History is
in making as we you read this. What we
know so far is that as a response to the most serious financial crisis since World War II, President George W. Bush has initiated the largest
expansion of peace-time government the free world has ever known. Perhaps the Chinese brainwashed him at the
Beijing Olympics....he has made Hugo Chavez look like Ronald Reagan.
Over the
last few months, the US government has bailed out Bear Stearns with a $30bn
financial guarantee given to its acquirer, nationalised the two largest
mortgage financiers in the world (representing over 85% of US residential
mortgages) and guaranteed their $5,400bn debt, nationalised the largest insurer
in the world (whilst giving it a $85bn loan) and given a blanket guarantee of
$3,400bn to US money market mutual funds.
But, as you
will probably have heard by now, its not stopping there. Bush and Treasury Secretary Paulson (the former
head of Goldman Sachs) have initiated a program to directly bail out the banks that
made huge mistakes: he’s going to buy all their dodgy assets and put them, most
probably, into deep freeze.
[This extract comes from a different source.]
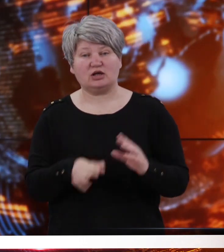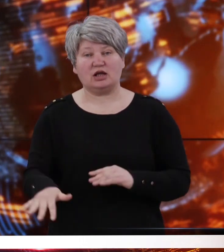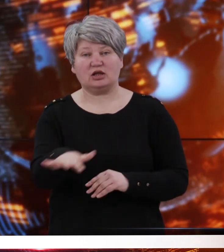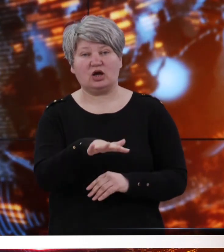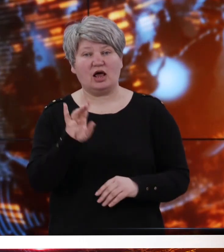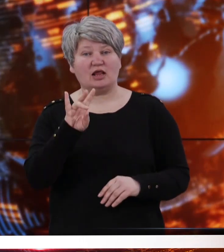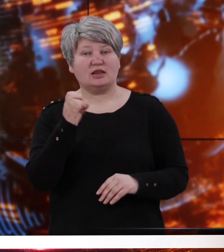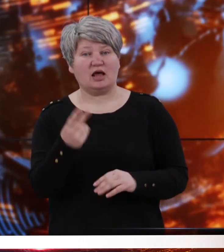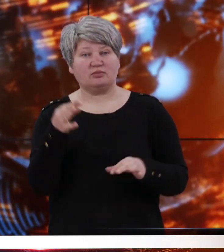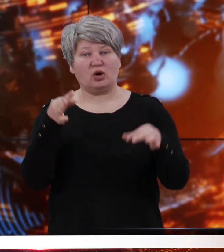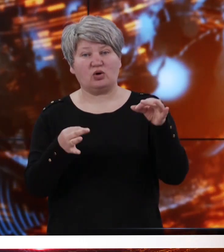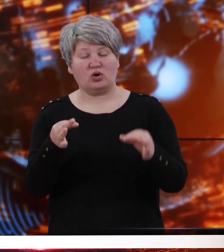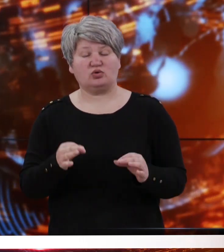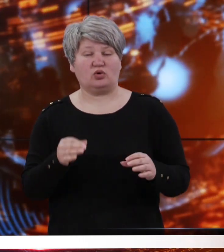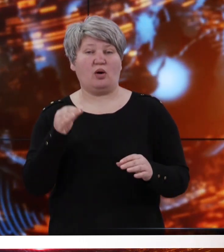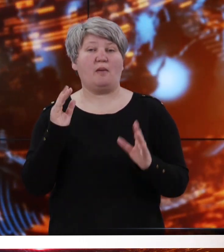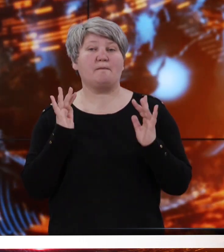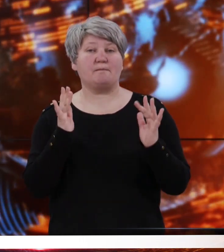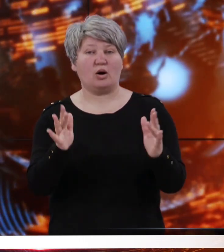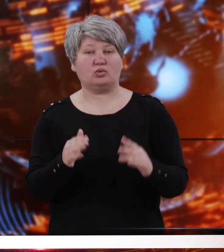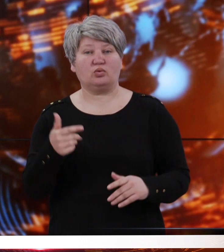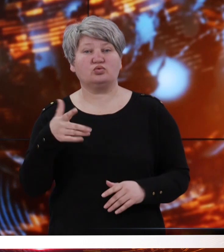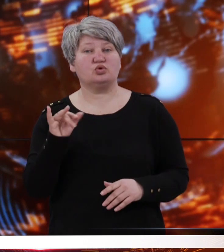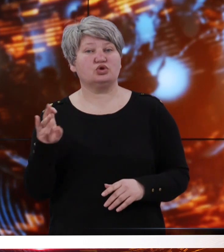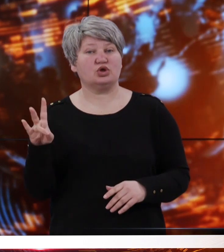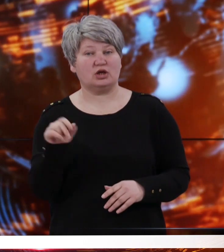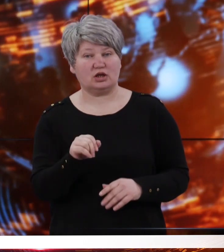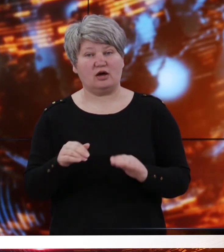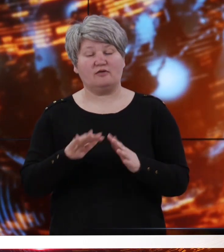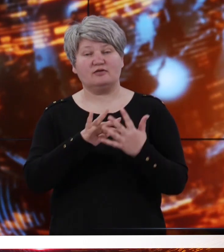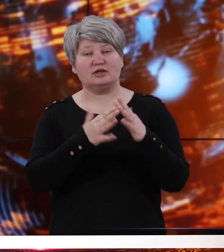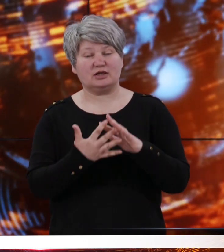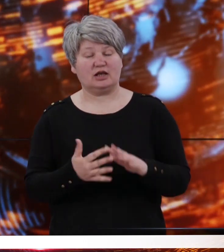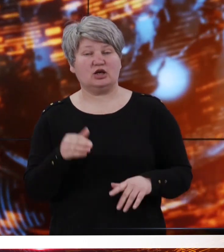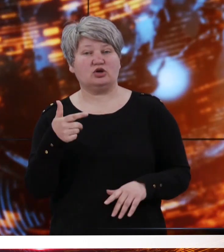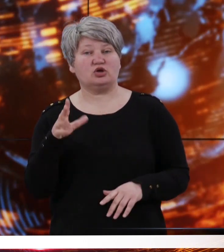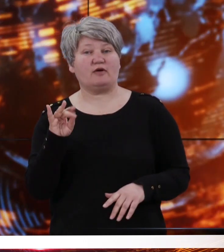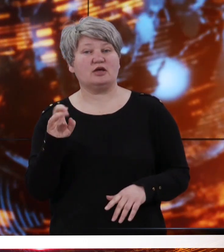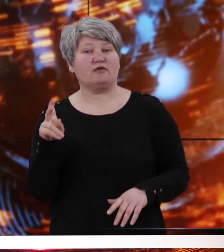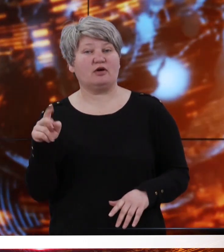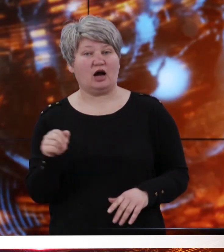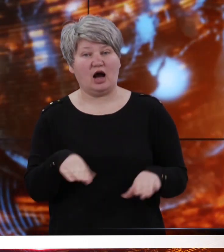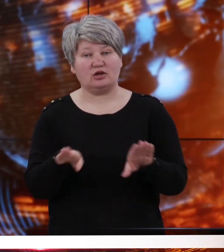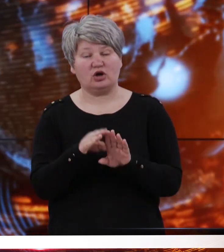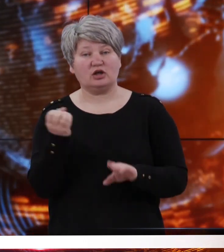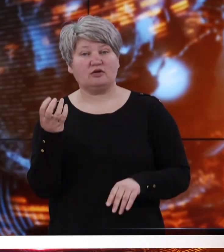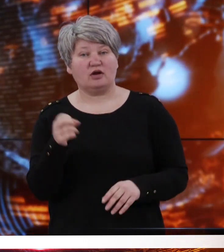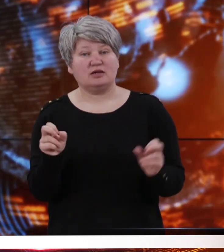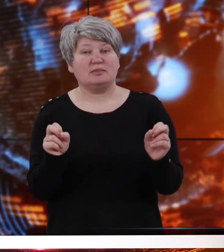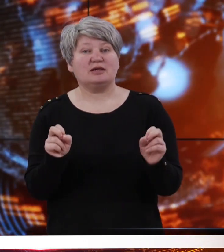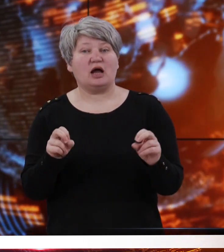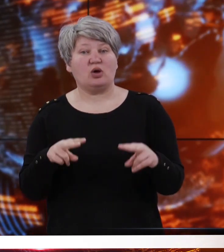Національного природнього парку Гуцульщина, що в селі Черганівка та селі Город Косівського району, а також на Двірнянському
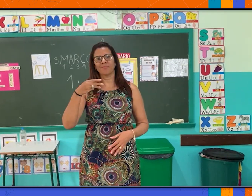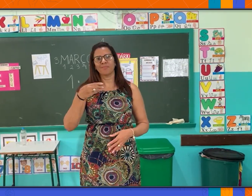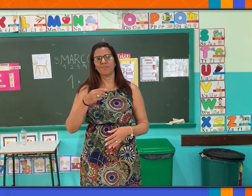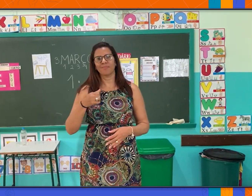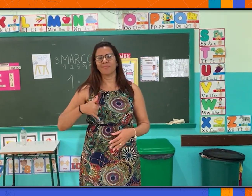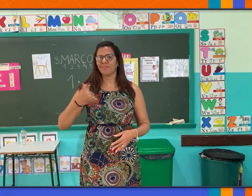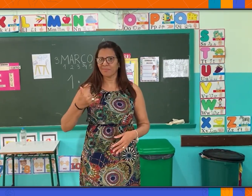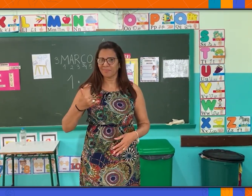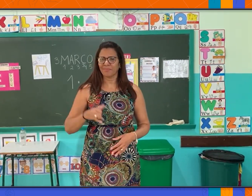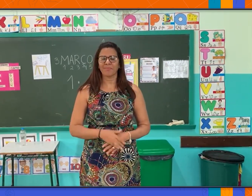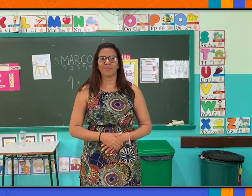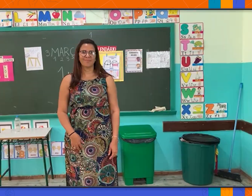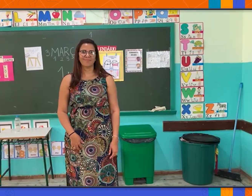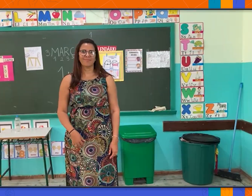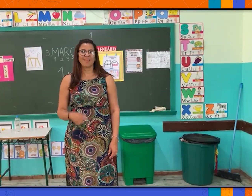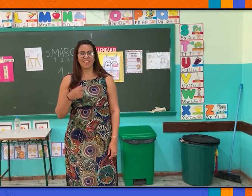de três, quatro anos de idade.

That way,
the banks can rid themselves of their problem assets and start afresh – they can get back
to “business as usual”. The total cost
to the US taxpayer: somewhere between $1,000bn - $2,000bn depending on the
final details of the bank bailout plan.
Just to put
this into some perspective, the US federal budget deficit is already projected
to be around $425bn this year, its highest ever (but it would have been manageable
had it stopped there). Bush’s financial
interventions are already expected to cost $200-300bn extra this year alone,
with an ultimate cost of many times that. There’s no question that his successor will have to raise taxes. On the national debt front, Bush was already
projected to leave office with the highest public debt/GDP ratio (68.2%) since Harry
Truman. But now, if you add the $5,400bn
Fannie and Freddie debt (as Congress has already demanded) and the $3,400bn of mutual fund guarantees, that ratio
would be around 192%, the highest in the developed world, and somewhere up
there between Zimbabwe and Lebanon.
This is not
to argue that this financial crisis is not serious and unprecedented. That is obvious for all to see. But the answer is not for government to get
knee-deep into the workings of the free market economy and bail out those that
made bad decisions with taxpayers money. The lessons to be drawn are that financial markets need to be more
transparent, with tougher scrutiny and enforcement by the authorities. Tim Montgomerie’s insight yesterday was also
spot on: bankers are a lot smarter than the regulators. We need better regulation, and smarter
regulators. We need to encourage private
sector solutions (such as Lloyds/HBOS, BOA/Merrill) and not be afraid to let
companies fail if they screw up (such as Lehman Brothers – a moment when I
thought Bush was actually coming to his senses).